I have read many write ups and examples and have got totally confused about using the pg pool in a right way. Many of the articles are old which I read.

I would like to show you some of my code and how I have structured everything around db. I have few concerns where I need your support.

This is how I have implemented:

I establish a connection with Postgres once at the time of server startup only.

let pg = require('pg')

const db_config = {
    user : DB_USER,
    password : DB_PWD,
    database : DB_NAME,
    host : DB_HOST,
    max : 5, // max number of clients in the pool
    connectionTimeoutMillis : 5000,
    idleTimeoutMillis : 30000
};

conn = new pg.Pool(db_config);

conn.connect((err, client, done) => {
    if (err) {
        log.error(err.message);
        log.error(`could not connect to database`);
    } else {
        conn.query('SELECT 1', (err, res) => {
            done();
            if (err) {
                log.error(err)
            } else {
                log.info("connected to database");
            }
        });
    }
});

Please note conn object is global which I use every where in my program further.

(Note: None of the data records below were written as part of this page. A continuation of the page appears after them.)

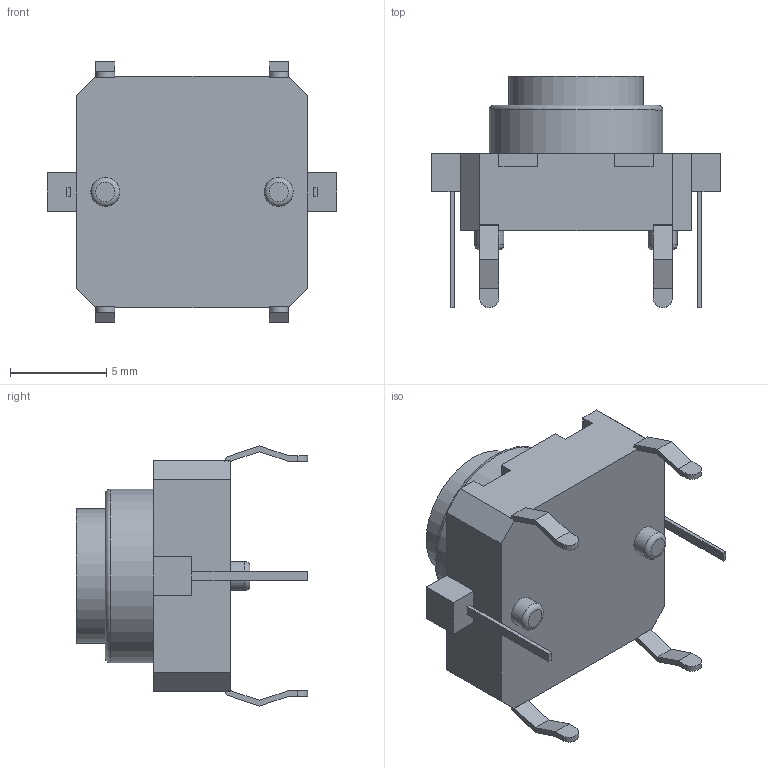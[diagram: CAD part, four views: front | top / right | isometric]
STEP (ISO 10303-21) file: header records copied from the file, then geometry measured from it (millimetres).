
FILE_DESCRIPTION(/* description */ (''),/* implementation_level */ '2;1');
FILE_NAME(/* name */ 'Ass_LED_switch_12x12.stp',/* time_stamp */ '2023-08-11T21:44:39+10:00',/* author */ ('idiadmin'),/* organization */ (''),/* preprocessor_version */ 'ST-DEVELOPER v18.1',/* originating_system */ 'Autodesk Inventor 2022',/* authorisation */ '');
FILE_SCHEMA (('AUTOMOTIVE_DESIGN { 1 0 10303 214 3 1 1 }'));
Length unit declared in the file: millimetre
Products named in the file (6): Ass_LED_switch_12x12; sw_body; sw_upr; sw_ctr; sw_legs; sw_led_pins
Assembly tree (5 placements, depth 2):
  Ass_LED_switch_12x12
    sw_body
    sw_upr
    sw_ctr
    sw_legs
    sw_led_pins
Bounding box: 15 x 12 x 13.5 mm (x, y, z)
Volume: 929.1 mm3; surface area: 1279.6 mm2
Topology: 6 solids, 6 shells, 137 faces, 351 edges, 234 vertices
Faces by surface type: plane 116, cylinder 17, torus 4
Full cylindrical faces by diameter (mm): 1.428 x8, 1.5 x2, 7 x2, 9 x1
Entity records: 4374 total; most frequent: CARTESIAN_POINT 733, ORIENTED_EDGE 702, DIRECTION 693, EDGE_CURVE 351, LINE 305, VECTOR 305, VERTEX_POINT 234, AXIS2_PLACEMENT_3D 194

Then I start my HTTP server. Every request coming to server has to run around 25 database queries on an average. I use same conn object for firing queries as below during the lifetime of a program. Every function in the code includes only following piece of the code for queries.

conn.query(query, function (err, docs) {    
    if (err) {
        log.error(err);
    } else {
        // do something 
    }
});

I am using "pg": "^6.2.2"

——————————————————

My concerns :

  1. Am I utilising a pool?

  2. How do I properly utilise pool?

  3. Do I need to connect to pg which means conn.connect every time before I execute any query in the code?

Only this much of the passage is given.